Restate each entry exactly, without pictures.

============================================================

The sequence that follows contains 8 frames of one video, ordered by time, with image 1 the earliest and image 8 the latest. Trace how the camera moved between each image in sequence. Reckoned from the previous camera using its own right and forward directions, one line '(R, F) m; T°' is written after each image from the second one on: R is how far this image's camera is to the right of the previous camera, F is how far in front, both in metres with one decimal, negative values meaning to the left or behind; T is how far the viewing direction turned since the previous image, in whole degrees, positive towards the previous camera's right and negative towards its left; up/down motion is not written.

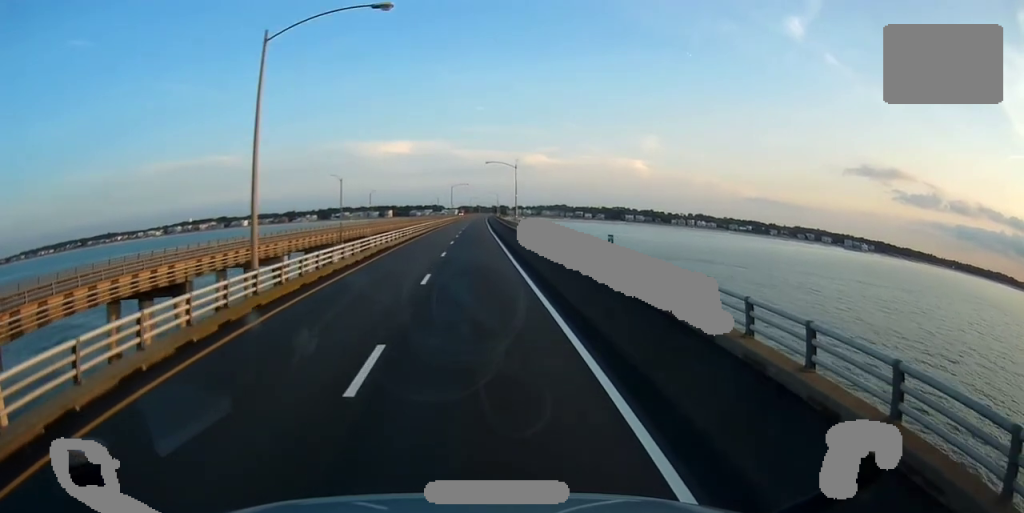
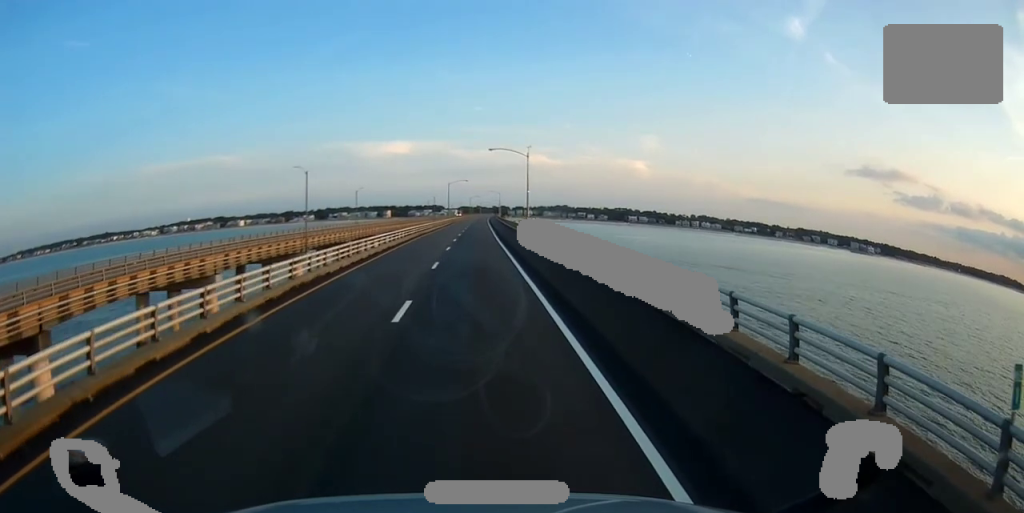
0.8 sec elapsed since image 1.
(-0.4, +19.3) m; 0°
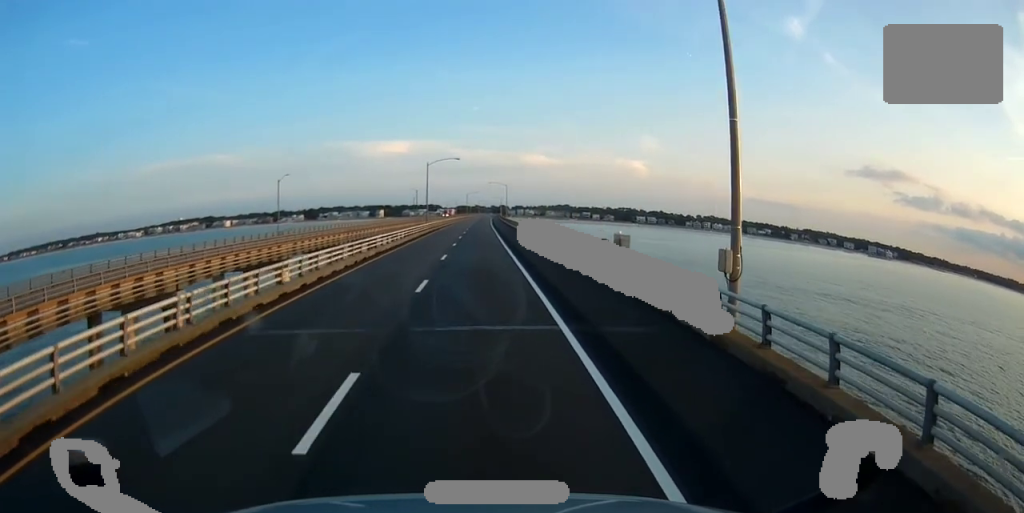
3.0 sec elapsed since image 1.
(+0.7, +55.8) m; 0°
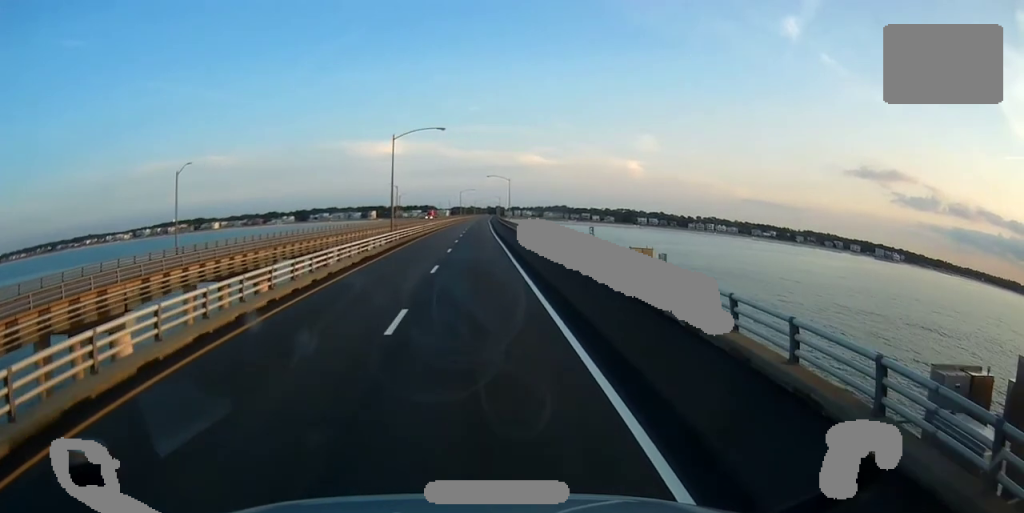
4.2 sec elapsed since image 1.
(-0.3, +30.5) m; 0°
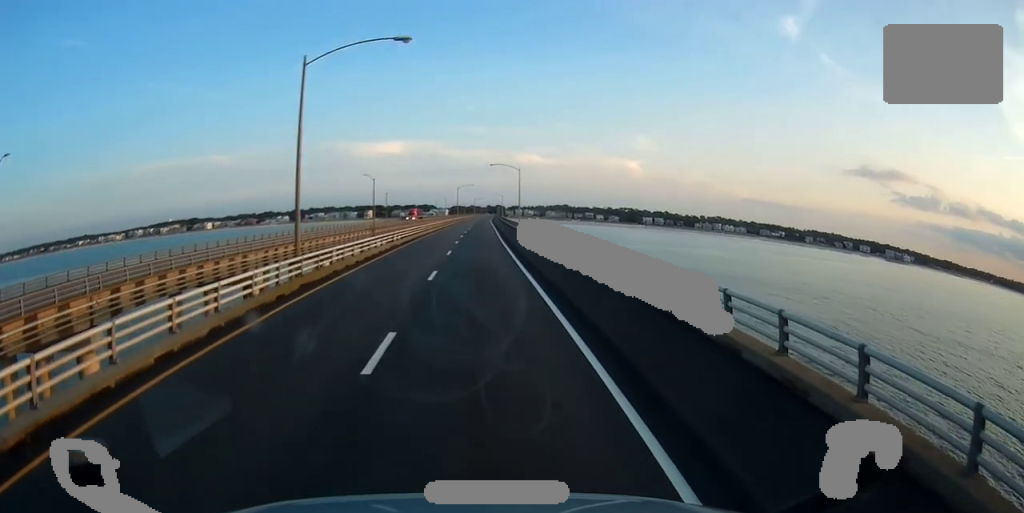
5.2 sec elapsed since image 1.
(+0.4, +27.3) m; +1°
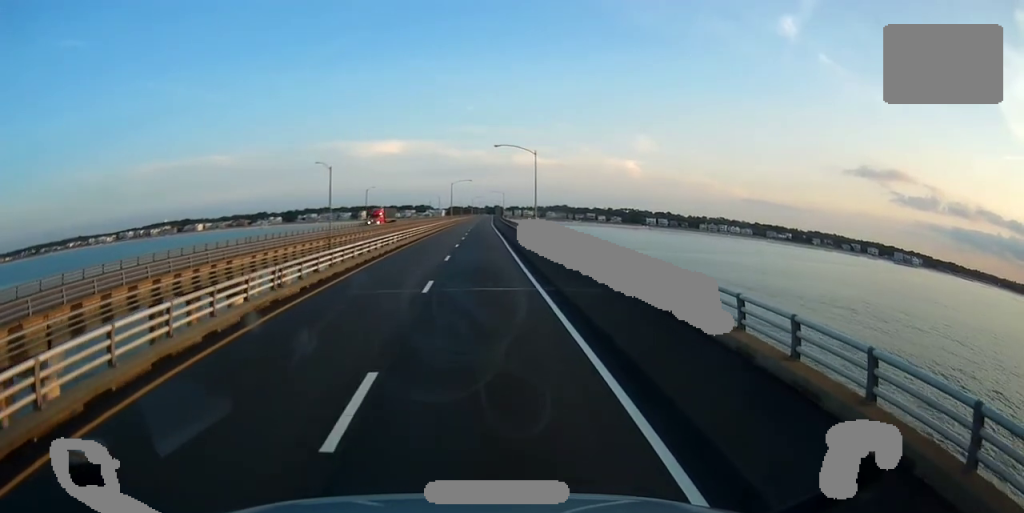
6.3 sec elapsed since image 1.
(0.0, +27.2) m; 0°
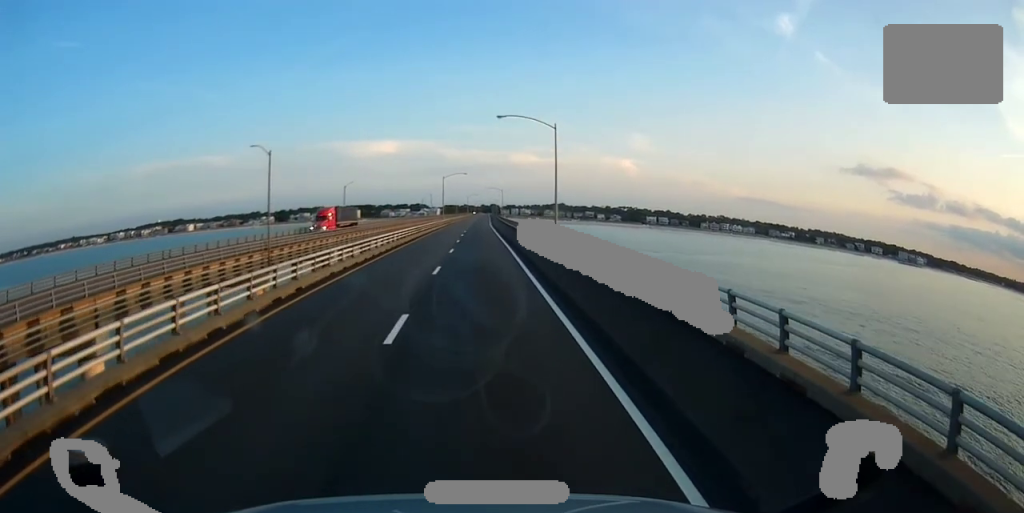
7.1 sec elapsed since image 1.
(0.0, +19.1) m; 0°
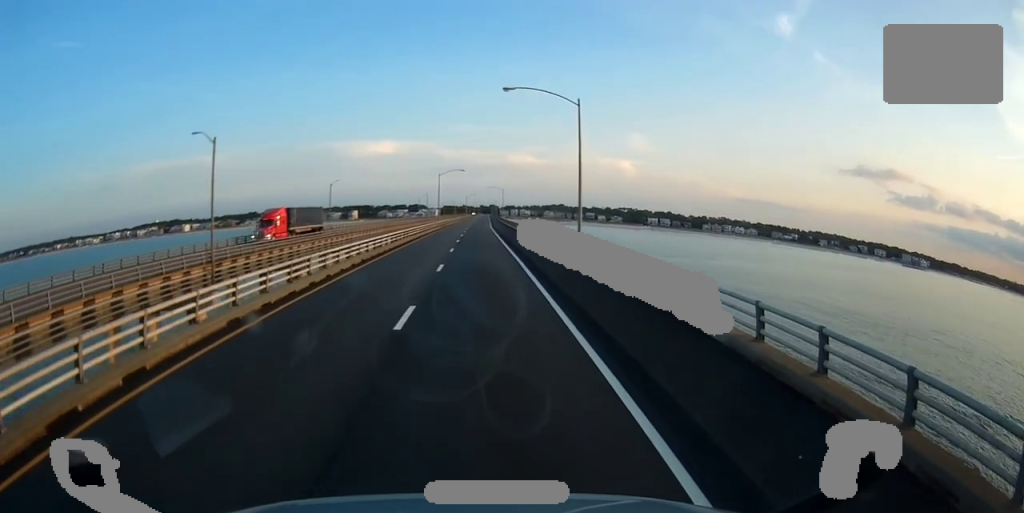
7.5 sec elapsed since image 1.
(0.0, +11.1) m; 0°

============================================================

■ **RESPONSE TO THE TASK**:
The sequence that follows contains 8 frames of one video, ordered by time, with image 1 the earliest and image 8 the latest. Trace how the camera moved between each image in sequence. Reckoned from the previous camera using its own right and forward directions, one line '(R, F) m; T°' is written after each image from the second one on: R is how far this image's camera is to the right of the previous camera, F is how far in front, both in metres with one decimal, negative values meaning to the left or behind; T is how far the viewing direction turned since the previous image, in whole degrees, positive towards the previous camera's right and negative towards its left; up/down motion is not written.

0.8 sec elapsed since image 1.
(-0.4, +19.3) m; 0°
3.0 sec elapsed since image 1.
(+0.7, +55.8) m; 0°
4.2 sec elapsed since image 1.
(-0.3, +30.5) m; 0°
5.2 sec elapsed since image 1.
(+0.4, +27.3) m; +1°
6.3 sec elapsed since image 1.
(0.0, +27.2) m; 0°
7.1 sec elapsed since image 1.
(0.0, +19.1) m; 0°
7.5 sec elapsed since image 1.
(0.0, +11.1) m; 0°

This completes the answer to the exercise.